Le riflessioni sul tempo, sulla caducità del vivere; un carpe diem simboleggiato nella clarità del sole:

(…)
E allora già sai
che abbasserai smarrito 
la tua corolla gialla
quando, troppo presto, verrà sera. 
Ma ora sconfina e finché puoi 
allunga ancora il volto al sole.
(In bilico costante)

Un anelito all’infinito

Portami là,
dove tutto diventa liquido, 
dove con te, ancora 
morirò e rinascerò. 
Dimmi cosa c'era prima…
(Questo infinito)

Un erotico “contenerci” dal sapido richiamo catulliano

Continueremo a darcelo
l’amore immaginato nel principio
o prima ancora di affacciarci al mondo. 
Sembrerà un dono, un volere degli dei 
o solo luce del nostro contenerci
(…)
(Fino all’ultimo sorso)

Sguardi di panica simbologia esistenziale:

 (...)
Sì, potrei cantare il gelsomino in fiore 
che apre occhi come stelle
a inebriare l’aria intorno
all’ombra del mistero dei veli di magnolia; 
o i quattro tigli che svettano in crinale 
giostra d’api mai sazie
di ciuffi d’oro al sole.
Ma solo del nostro maggio scrivo 
e so che la parola oggi non basta
e so che la pienezza gruma in gola.
(Del nostro maggio scrivo)

Il richiamo dell’eterno

(…)
Tremeranno sciolte
come teneri fili d’erba al vento
le nostre dita al richiamo dell’eterno.
(In altra vita)

Un inno al mistero della poesia di particolare intensità lirica a me dedicato:

a Nazario Pardini

Ti aspetterò nello slargo tra i rami 
senza fretta alcuna. Saprò coglierti 
dove cantano d’amore i merli. 
Qui solo un senso di proiezione in alto 
regna, quando perde perfino il senso 
la parola se dolce-eterno è il suono. 
Soccorrimi se disperata cerco
il verso per raggiungere le stelle
ma non voltarti se ti sto abbracciando.
(Inafferrabile poesia)

Dove la poetessa dà tutta se stessa ad un empito di calda ascensione verso le stelle in uno stato di grazia ispirativa: abbandono, passione, liricità, attesa, canto della natura, suono dolce-eterno, anacoluto, sinestetici abbrivi.
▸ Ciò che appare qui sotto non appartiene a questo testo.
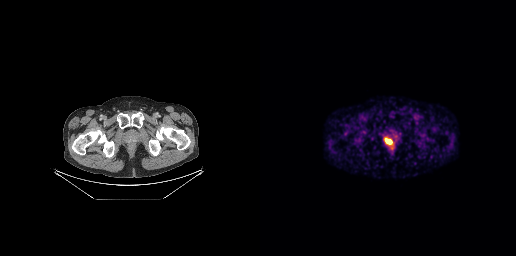
modality: PSMA PET/CT | tracer: 68Ga | view: axial
Coordinates are on the 256×256 PET (right) panel. PSMA-avid tumor lesion bounding box (x0,y0,x1,y1): [125,138,132,144].
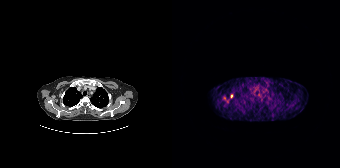
Coordinates are on the 168×168 PET (right) panel. (showing 2 of 3 foci) Small PSMA-avid foci (2 to 4 px across) near (center x, center y): (59, 95) / (52, 98). Two-panel axial: CT | PSMA PET, [68Ga]Ga-PSMA-11 tracer. Acquired on Siemens Biograph 64-4R TruePoint.
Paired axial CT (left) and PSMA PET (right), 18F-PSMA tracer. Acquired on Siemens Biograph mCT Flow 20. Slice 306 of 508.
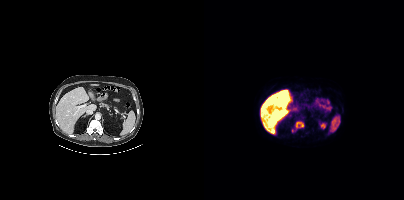
Coordinates are on the 200×200 PET (right) panel. PSMA-avid tumor lesion bounding box (x, y, width, height): x=87 y=121 w=14 h=12.
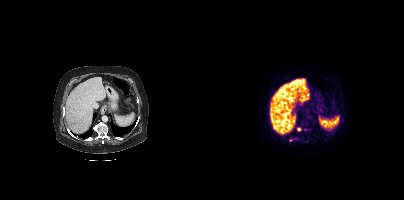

Questa è poesia; questo è inno di plurale intensità in cui a dominare è il sentimento, l’immagine vaga e indeterminata a scapito della ragione.

E poesia è passione, è slancio verso porti di difficile approdo; non di certo ragione che semmai tende a frenare quegli abbrivi emotivi di cui si nutre.
“La ragione non ha mai asciugato una lacrima e la filosofia può riempire pagine di parole magnifiche, ma dubitiamo che gli sfortunati vengano ad appendere i loto vestiti al suo tempio” (Génie du Christianisme di Francois-René de Chateaubriand).
<<Tra noi e l'inferno o il cielo c'è di mezzo soltanto la vita, che è la cosa più fragile del mondo.>>. (Blaise Pascal, Pensées). Perché queste citazioni; è presto detto: perché costruiscono una prova comprovante della natura del bel canto. Di quello che affascina, che ammalia, che inquieta e che inebria la nostra Annalisa. E’ a quell’arte che dà anima e corpo ed è a quella che offre tutta la sua vita volta ad ascensioni epifaniche, a sicurezze indecifrabili, dato che lei lo sa che è la cosa più fragile del mondo.
Quando i bambini carezzano i padri, Il dondolio dell’onda, Fermo-immagine, Sono i cieli di maggio, Lungo l’argine, Epilogo d’estate, Oltre il siparioCarezza d’acqua. Le tante composizioni della seconda sezione, in cui Annalisa cerca di sopperire alla sua solitudine con ricorso ad immagini di una natura che con tutta la sua potenza cromatica l’avvolge; e lei si tuffa in questo mare d’immensi silenzi come in un naufragio dolce e misterioso. Perdere l’identità nella grandezza dei cieli o nella bellezza di un canto non è cosa difficile per un poeta.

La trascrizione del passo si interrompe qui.